Brale's Chase Merlin walks through Brale's new webhook product at Day Zero 06 — webhooks that publish signed lifecycle events as transfers settle, eliminating the need for clients to poll for status. The reference neobank app, built on the Brale stablecoin operating system, receives a transfer-completion event in roughly 18 seconds after a Solana transfer, then again on Spark, with signature verification, dedupe, and live balance + activity updates baked in. A single flexible transfer-request endpoint handles on-chain, off-chain, mint, RTP off-ramp, and cross-chain flows — and webhooks fire on the same event model for every variant. Closing pointer to a same-day blog post measuring a ~20% latency reduction versus polling-based integrations.

**Chapters:**

- **[0:00] Webhooks for real-time stablecoin events — kill the polling loop** — https://www.youtube.com/watch?v=4R-xQ0TwCig&t=0s
  Brale's Chase Merlin opens with the thesis: no more polling. A reference neobank app, built on Brale's API, will receive signed webhook events as transfers settle on-chain — driving live customer experiences without aggressive client-side polling.
- **[0:30] Brale stack — issuance, custodial balances, on/off ramps, fiat rails** — https://www.youtube.com/watch?v=4R-xQ0TwCig&t=30s
  Quick tour of Brale's stablecoin operating system: SBC issuance (or your own stablecoin), custodial balances across chains starting with Solana, on/off ramps on 20+ chains, and fiat rails on the same primitives.
- **[1:00] Three reasons webhooks matter** — https://www.youtube.com/watch?v=4R-xQ0TwCig&t=60s
  User experience (live balances and activity), reconciliation (events keep your system synced with the chain), and complexity reduction (polling adds edge cases and load that webhooks eliminate).
- **[1:30] Live Solana transfer kicks off** — https://www.youtube.com/watch?v=4R-xQ0TwCig&t=90s
  A vendor-payout-shaped transfer fires on Solana. The on-chain transaction settles, Brale waits for finalization, then publishes a completion event — no aggressive polling required on the client side.
- **[2:00] Webhook received in ~18s — signature, dedupe, balance update** — https://www.youtube.com/watch?v=4R-xQ0TwCig&t=120s
  The completion webhook arrives in roughly 18 seconds. The reference app verifies the signature, deduplicates, runs eligibility checks, then updates balances and activity in real time.

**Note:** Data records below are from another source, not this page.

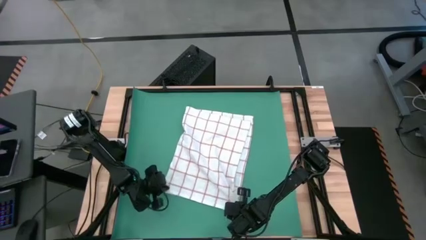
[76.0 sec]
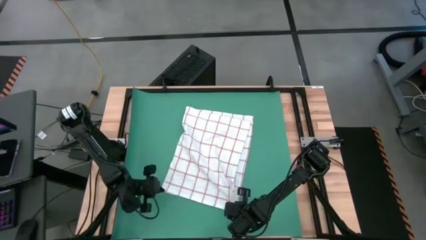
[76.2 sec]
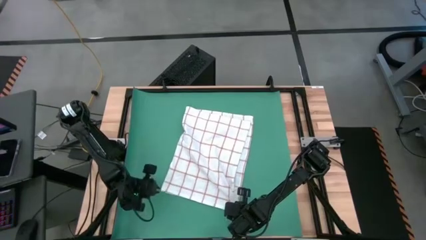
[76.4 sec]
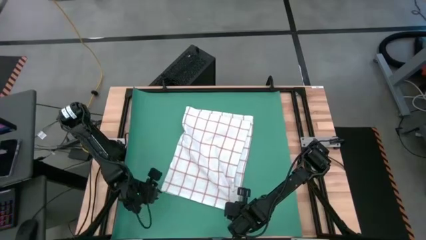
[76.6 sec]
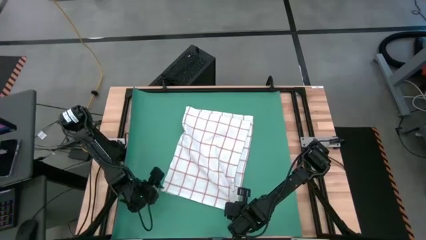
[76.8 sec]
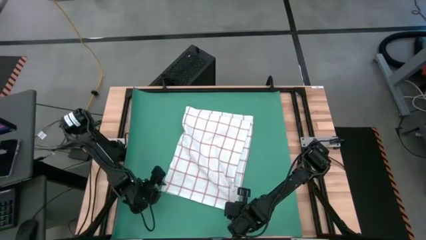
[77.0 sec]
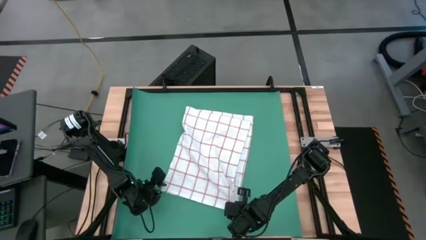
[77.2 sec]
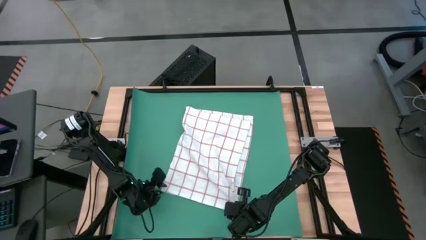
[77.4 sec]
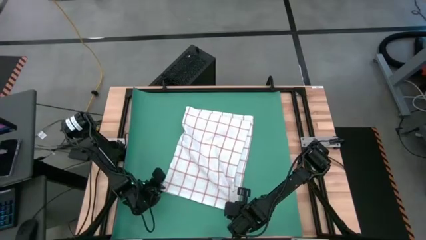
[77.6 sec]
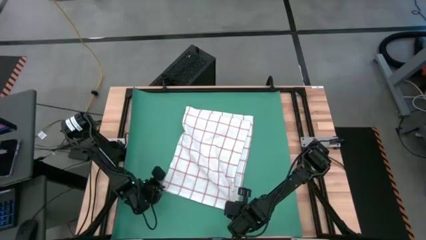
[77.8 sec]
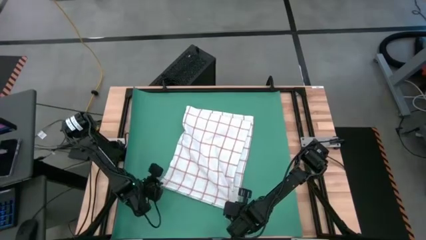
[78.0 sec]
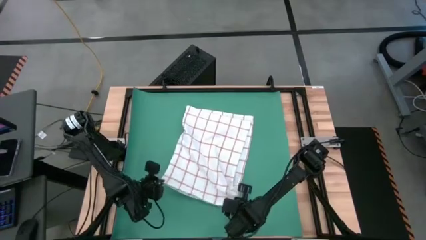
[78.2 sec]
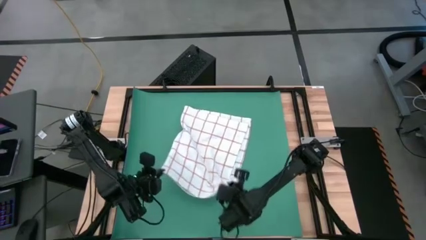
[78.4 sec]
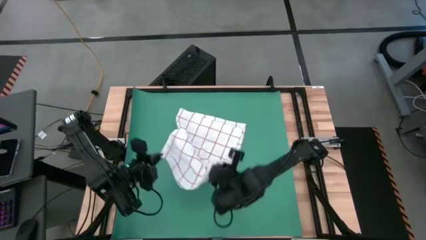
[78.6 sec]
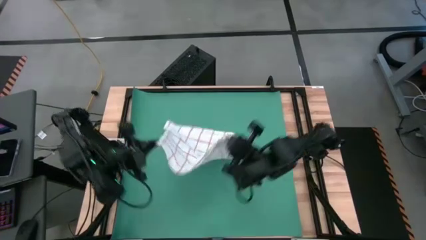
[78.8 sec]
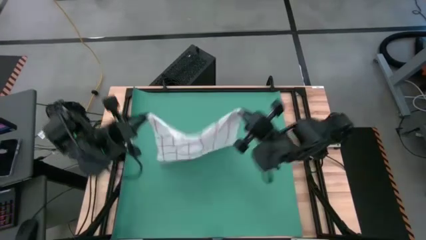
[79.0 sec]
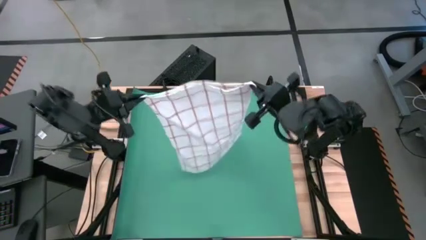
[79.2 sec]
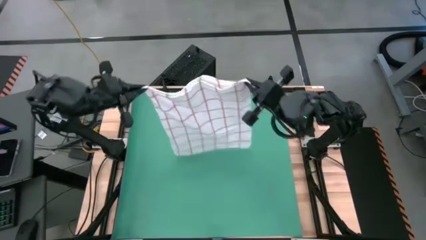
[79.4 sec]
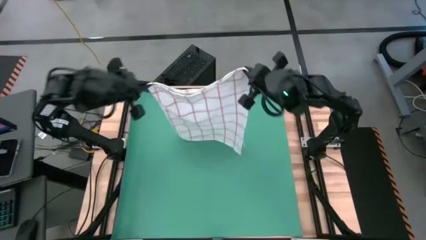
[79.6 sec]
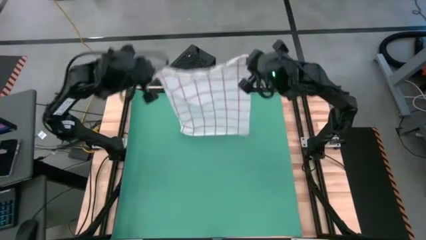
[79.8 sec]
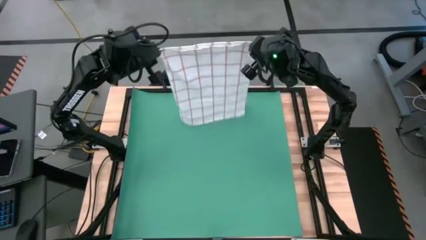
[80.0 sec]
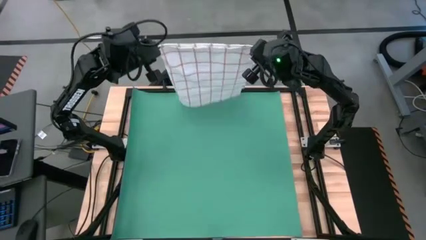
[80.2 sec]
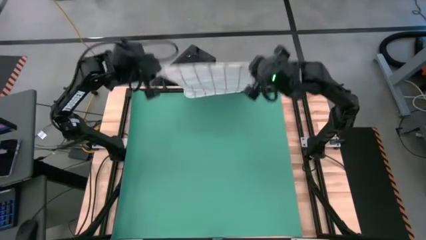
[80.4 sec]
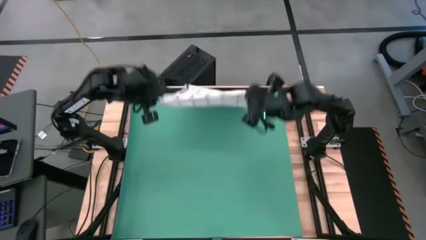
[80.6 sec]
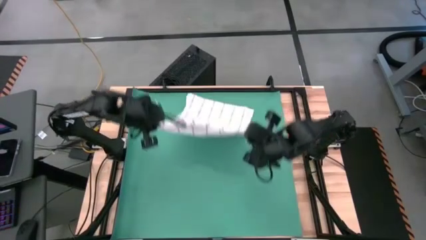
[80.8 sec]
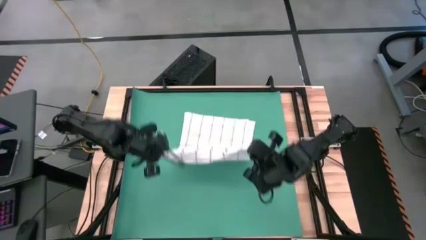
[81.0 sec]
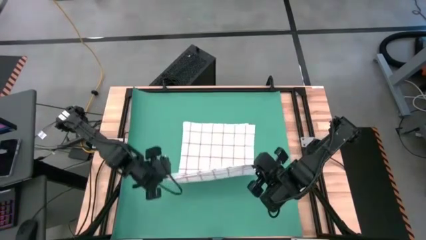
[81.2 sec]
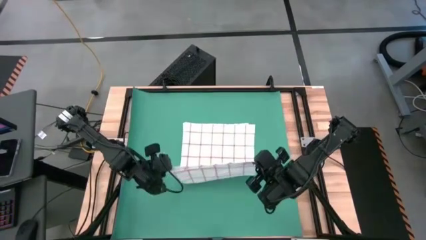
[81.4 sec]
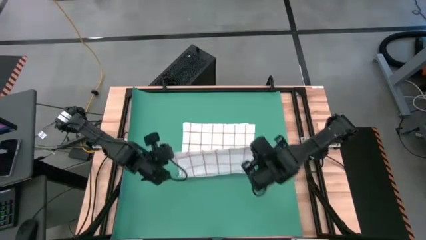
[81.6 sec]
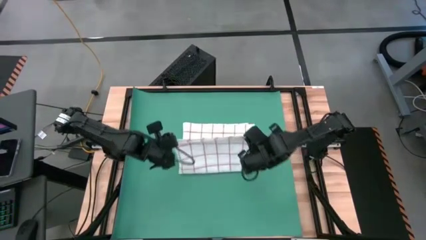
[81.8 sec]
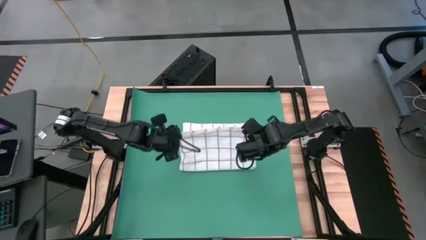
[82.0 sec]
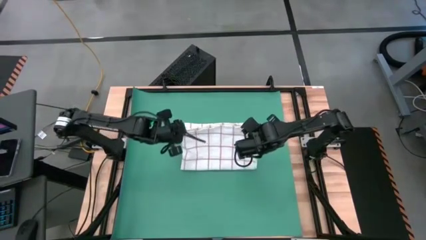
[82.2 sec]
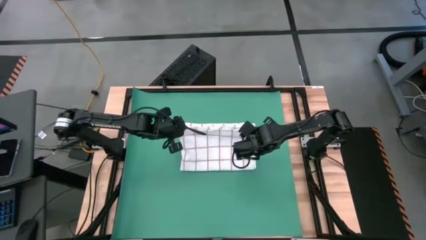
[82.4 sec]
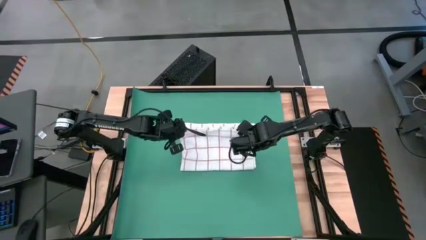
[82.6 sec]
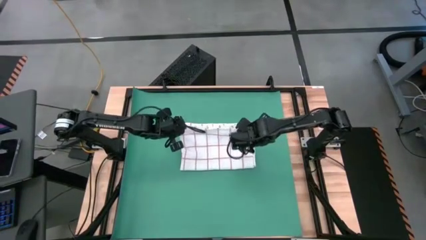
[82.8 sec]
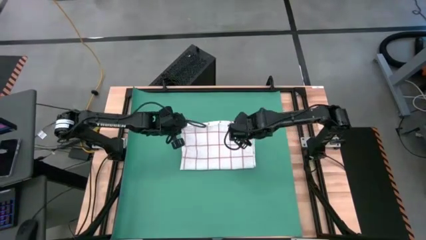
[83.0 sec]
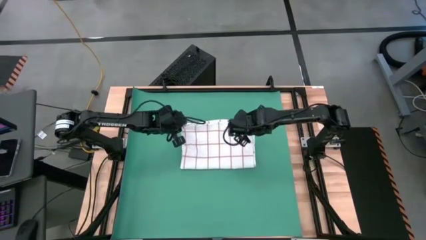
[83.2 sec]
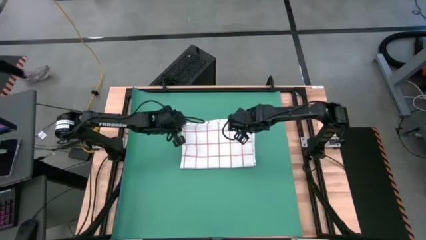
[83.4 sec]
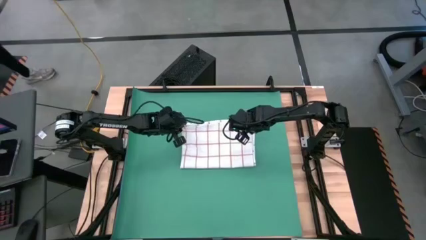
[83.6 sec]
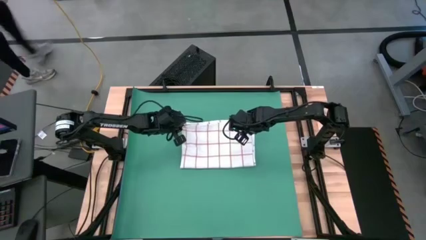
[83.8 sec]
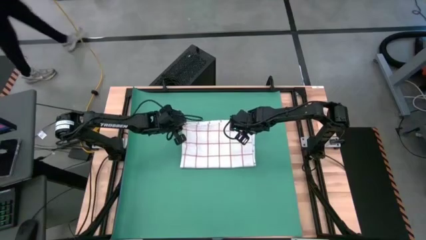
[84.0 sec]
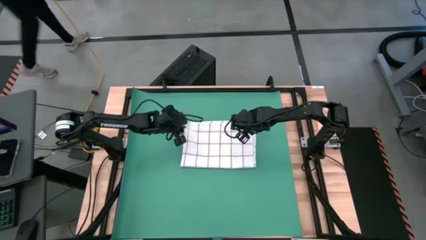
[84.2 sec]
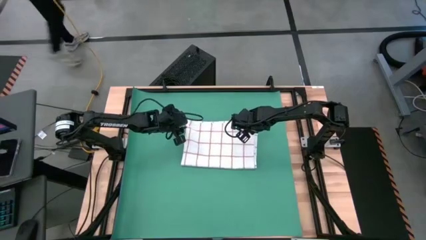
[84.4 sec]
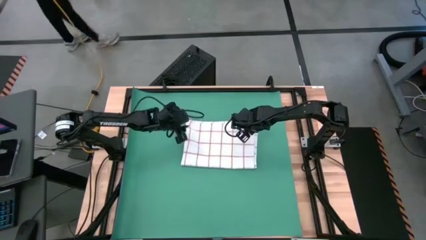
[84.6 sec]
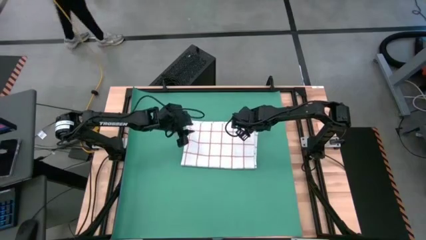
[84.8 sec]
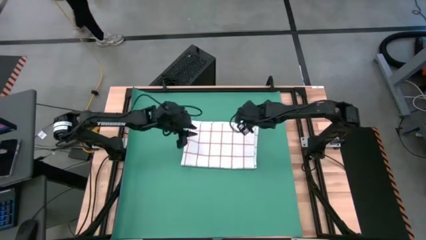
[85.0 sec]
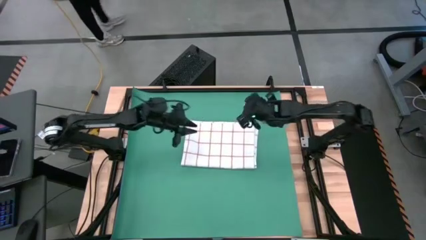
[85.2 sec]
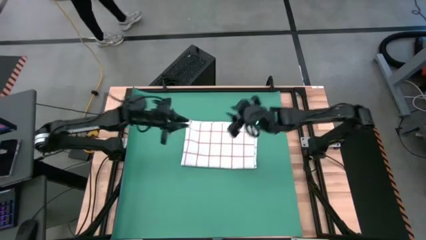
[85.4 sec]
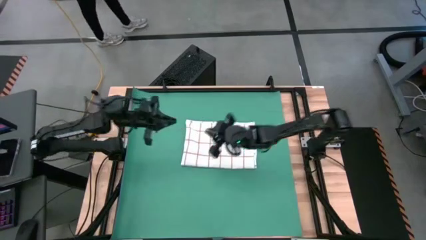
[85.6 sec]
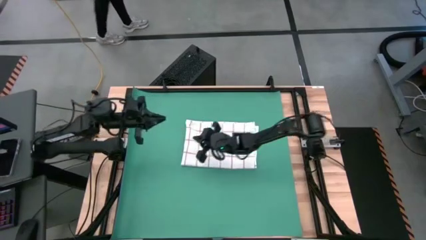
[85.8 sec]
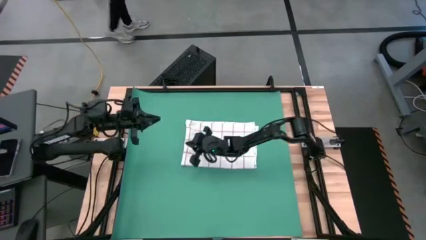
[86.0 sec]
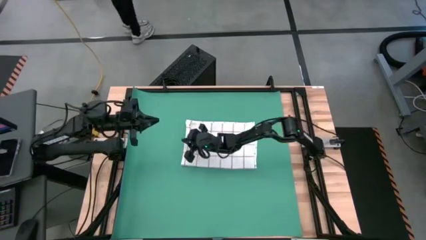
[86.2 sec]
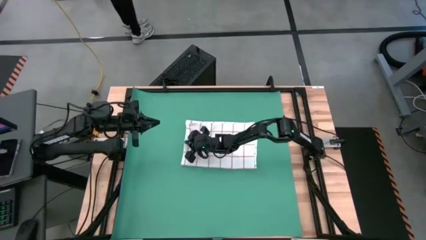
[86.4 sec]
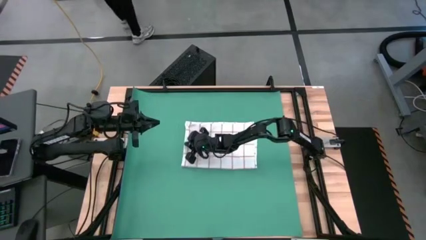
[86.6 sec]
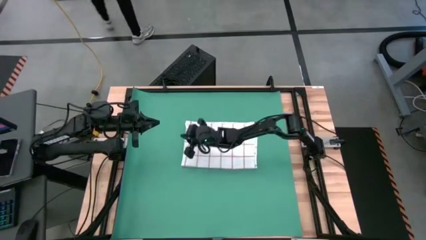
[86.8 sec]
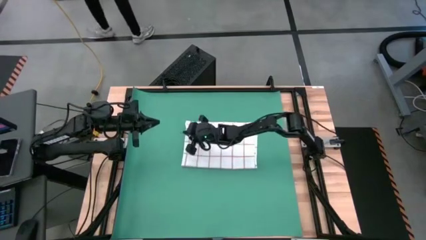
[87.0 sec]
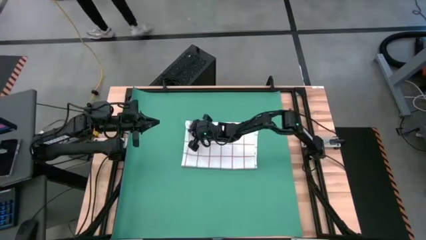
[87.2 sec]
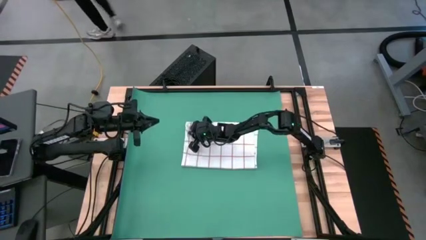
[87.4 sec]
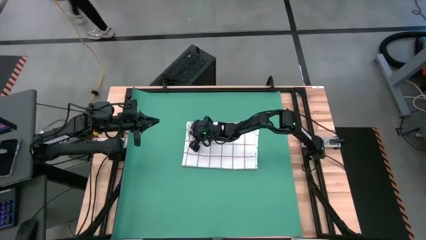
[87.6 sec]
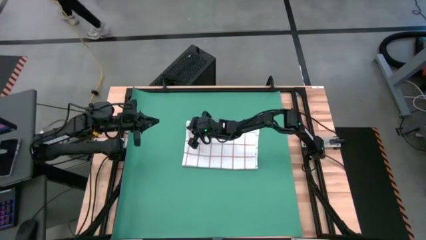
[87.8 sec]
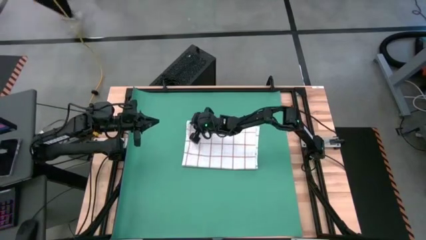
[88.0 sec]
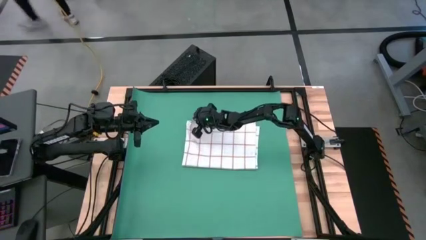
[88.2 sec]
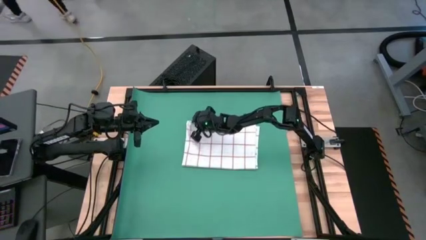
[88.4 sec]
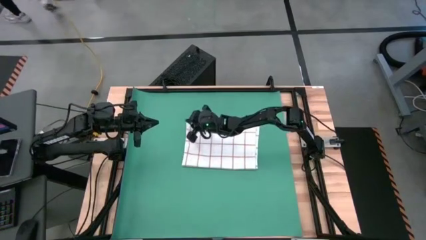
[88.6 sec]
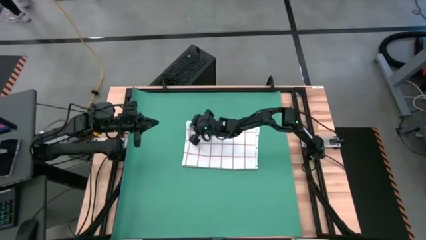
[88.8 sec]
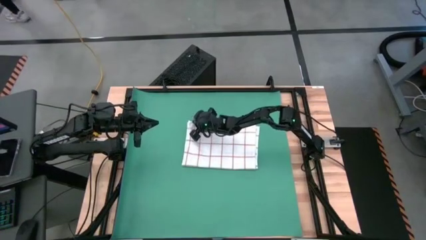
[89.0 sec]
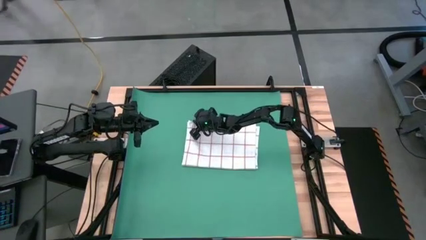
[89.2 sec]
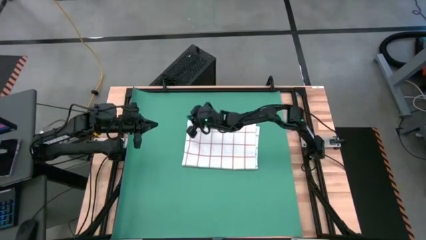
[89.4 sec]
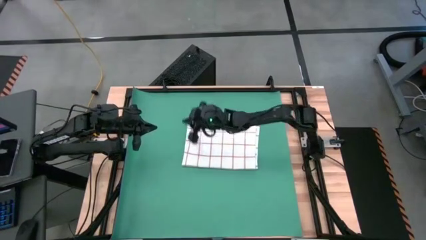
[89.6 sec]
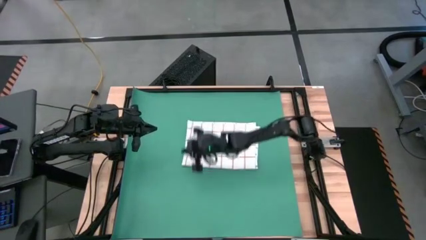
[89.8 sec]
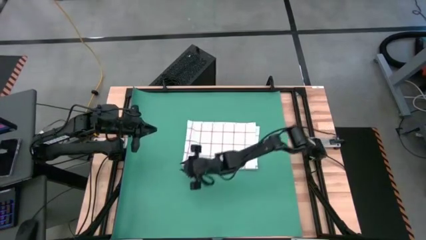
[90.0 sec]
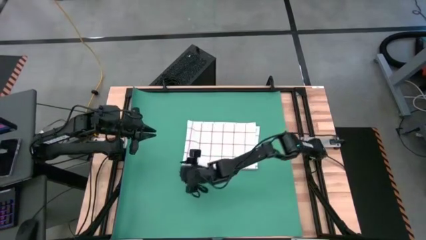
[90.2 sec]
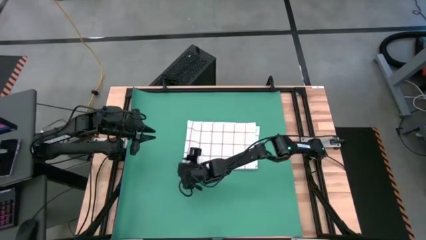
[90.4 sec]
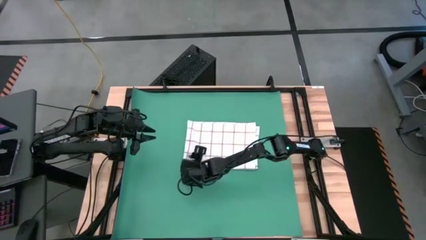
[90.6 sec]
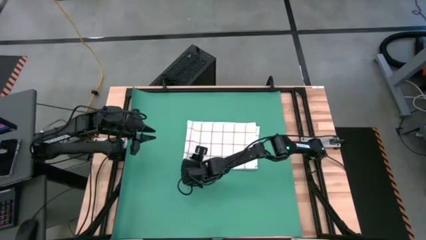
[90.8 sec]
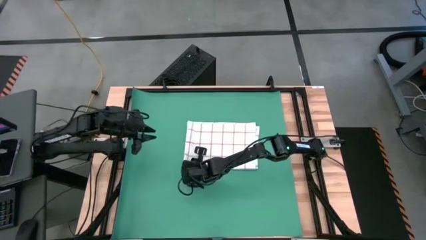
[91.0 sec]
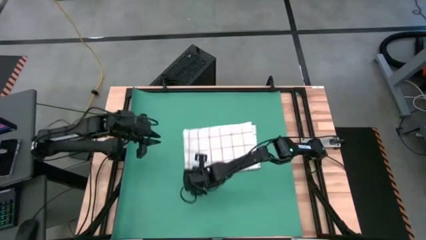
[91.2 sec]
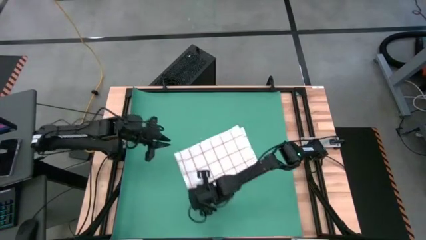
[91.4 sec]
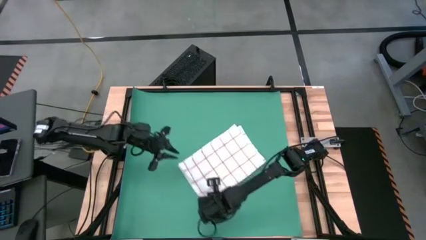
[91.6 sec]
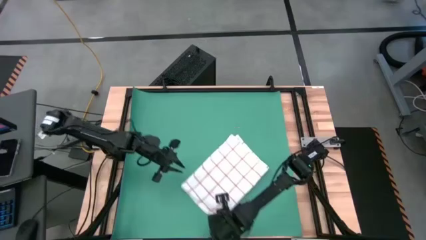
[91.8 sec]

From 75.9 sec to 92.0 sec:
Task: Roll towel
Roll the white stripe towel

Snappy settlement UX with zero polling.
- **[2:30] Single flexible transfer-request endpoint** — https://www.youtube.com/watch?v=4R-xQ0TwCig&t=150s
  All transfer flavors run through one endpoint with flexible value-type and transfer-type fields — on-chain, off-chain, conversions to wire/RTP, and cross-chain. Webhooks track the lifecycle of every transfer-request.
- **[3:30] Spark transfer demo — Brale rides fast underlying networks** — https://www.youtube.com/watch?v=4R-xQ0TwCig&t=210s
  A Spark transfer fires and settles via webhook. Networks like Spark and Radius (referencing Tyler's prior demo) are already fast — Brale layers webhooks on top instead of adding polling delay, keeping events near-real-time.
- **[4:00] Downstream consumers — treasury, APIs, agents** — https://www.youtube.com/watch?v=4R-xQ0TwCig&t=240s
  Webhooks notify treasury teams, downstream APIs, and agents the moment transfers complete. Far more robust than polling for any system reacting to settlement events. Works across mints and RTP off-ramps too — the transfer endpoint is the single source of truth.
- **[4:30] Reference app, quickstart, ngrok in Brock** — https://www.youtube.com/watch?v=4R-xQ0TwCig&t=270s
  The reference app and quickstart guide ship in the docs. Chase runs the demo locally with ngrok in Brock — same code path you'd ship to production.
- **[5:00] New webhooks blog post — ~20% latency reduction** — https://www.youtube.com/watch?v=4R-xQ0TwCig&t=300s
  Closing pointer to a same-day Brale blog post on the motivation behind webhooks, including a measured ~20% latency reduction versus polling-based integrations.